Your plants and pet fish have both survived the summer and you’re having a lot of fun—this whole “adulting” thing is a cinch. You’ve got it all figured out.

But are you getting enough sleep?

In college, it was a badge of honor to stay up all night studying and writing papers. Bragging rights went to whoever functioned best on the least sleep.

Before college, it was pulling pranks on whoever fell asleep first at slumber parties. And even before that, it was pushing for a later bedtime to watch TV or play more video games. Now you’re an adult and you can go to bed as late as you want.

Should you, though?

Sure, as an adult, you have the freedom to choose, but you should also think a lot more about making the right choices.

You can stay up till 3 a.m. scrolling through Instagram if you want to—but being an adult is a lot more than just doing things because no one’s telling you not to.

Being an adult is about knowing how your behavior impacts your mental and physical well-being, and using that knowledge to make intelligent choices for living a healthier and happier life.

How to sleep like the adult you are

According to the Better Sleep Council, poor sleep habits, whether you’re getting not enough sleep or too much, lead to a number of mental and physical health issues, including back pain, exhaustion, poor judgment, high blood pressure, and a higher risk of diabetes.

Insufficient sleep disrupts all of your body’s functions. Take all of this into consideration as you transfer from high school to college to the adult working world and rethink the unhealthy sleep habits you have carried over from adolescence.

Here are five tips to help you transition to better sleep habits.

1. Maintain a consistent sleep schedule.

Going to bed at the same time each night and waking up at the same time each morning is essential for getting sufficient sleep—and that means every night, including weekends.

Going to bed late and trying to “catch up on sleep” over the weekend by sleeping for a longer amount of time doesn’t work.

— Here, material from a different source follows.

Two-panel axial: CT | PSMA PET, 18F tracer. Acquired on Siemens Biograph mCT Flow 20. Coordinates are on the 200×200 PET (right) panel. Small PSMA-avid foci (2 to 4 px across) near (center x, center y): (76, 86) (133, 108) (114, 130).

That bad habit actually causes something called social jet lag, which, according to the American Academy of Sleep Medicine, causes fatigue, mood problems, and an 11% increase in the likelihood of heart disease. In addition to helping you avoid these negative effects, maintaining a consistent sleep schedule will have you waking up more energized and ready to face the day—for work or play.

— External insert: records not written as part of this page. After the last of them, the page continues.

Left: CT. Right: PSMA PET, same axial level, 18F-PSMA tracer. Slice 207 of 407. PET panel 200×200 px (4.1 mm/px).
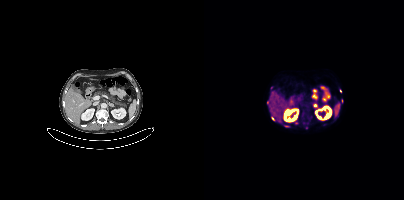
Coordinates are on the 200×200 PET (right) panel. (showing 6 of 9 foci) Small PSMA-avid foci (2 to 4 px across) near (center x, center y): (64, 102); (111, 105); (92, 123); (67, 88); (136, 91); (102, 127).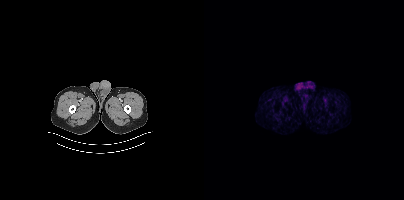
No tumor lesions annotated on this slice.
modality: PSMA PET/CT | tracer: 68Ga | view: axial

2. Lay off the screens near bedtime.

While the bed feels like the perfect place to catch up on the latest Netflix phenomenon or scroll through Facebook on your phone, exposure to blue-light screens within two hours of sleepytime is bad news.

You see, according to Harvard Medical School research, the blue light from screens like your TV, laptop, and phone can suppress the secretion of melatonin, one of the hormones most essential for restful sleep.

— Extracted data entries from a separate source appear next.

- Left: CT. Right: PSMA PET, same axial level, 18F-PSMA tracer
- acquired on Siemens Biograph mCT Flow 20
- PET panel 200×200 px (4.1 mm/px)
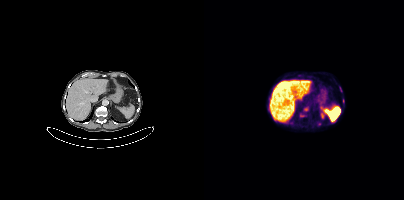
Findings: Only PSMA-avid lesion pieces thinner than 2 px on this slice (not listed).
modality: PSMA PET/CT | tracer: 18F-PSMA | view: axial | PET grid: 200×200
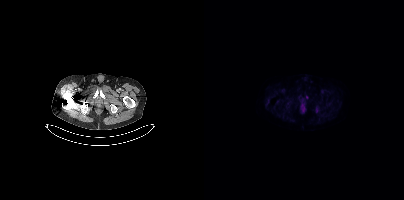
Negative for PSMA-avid disease on this slice.

Leave the screens outside of the bedroom, and if you need to read something before falling asleep, opt for an old-fashioned book or magazine. You can also counteract the effects of blue-light screens by getting lots of exposure to sunlight during the day, which in turn boosts your mood and alertness while awake, and your ability to sleep at night.

3. Cut out the caffeine, alcohol, and snacks before bedtime.

It’s long been conventional wisdom that caffeine close to bedtime makes it harder to get to sleep, but strangely enough little to no conclusive research supported that guidance until recent years.

The Journal of Clinical Sleep Medicine found in 2013 that a dose of caffeine as many as six hours before bedtime still has a negative effect on your sleep. If your bedtime is around ten in the evening, you should start avoiding caffeine—from coffee, soda, even chocolate—around 4 p.m. In addition, you shouldn’t drink alcohol less than two hours before bedtime.

Even though a nightcap can make you feel drowsy, once it metabolizes in your system it will disturb your sleep. Snacks close to bedtime can cause indigestion that interrupts your sleep as well.

4. Get the right amount of sleep.

According to the Mayo Clinic, the proper amount of sleep for adults is between seven and nine hours. Because this recommendation is a range, you’ll have to determine what within that range works best for you.

Maybe you function best on seven and a half hours, maybe on nine. Anything too far outside of that range, though, and you’ll experience difficulties functioning normally. Without enough sleep, your performance at work will probably be affected.With too much sleep, you’ll feel groggy and lifeless throughout the day. Find the sweet spot, though, and you’ll get on track.

5. Get the right kind of sleep. Your quantity of sleep matters, but quality also counts. If you get eight hours of sleep but are tossing and turning all night, waking up too hot, or unable to get fully comfortable due to an inadequate mattress, it won’t matter that you slept for the right amount of time, because your sleep wasn’t restful.

For the best quality of sleep, find the right kind of mattress for you, keep your bedroom cool (around 65 degrees), and make sure it’s totally dark in the room when you go to sleep.

When you follow these five tips, you’ll be sleeping like the grown-up you are in no time—and you know what? You’ll still have plenty of time for all the fun things you did late at night before, because you’ll wake up early, rested, and ready to go.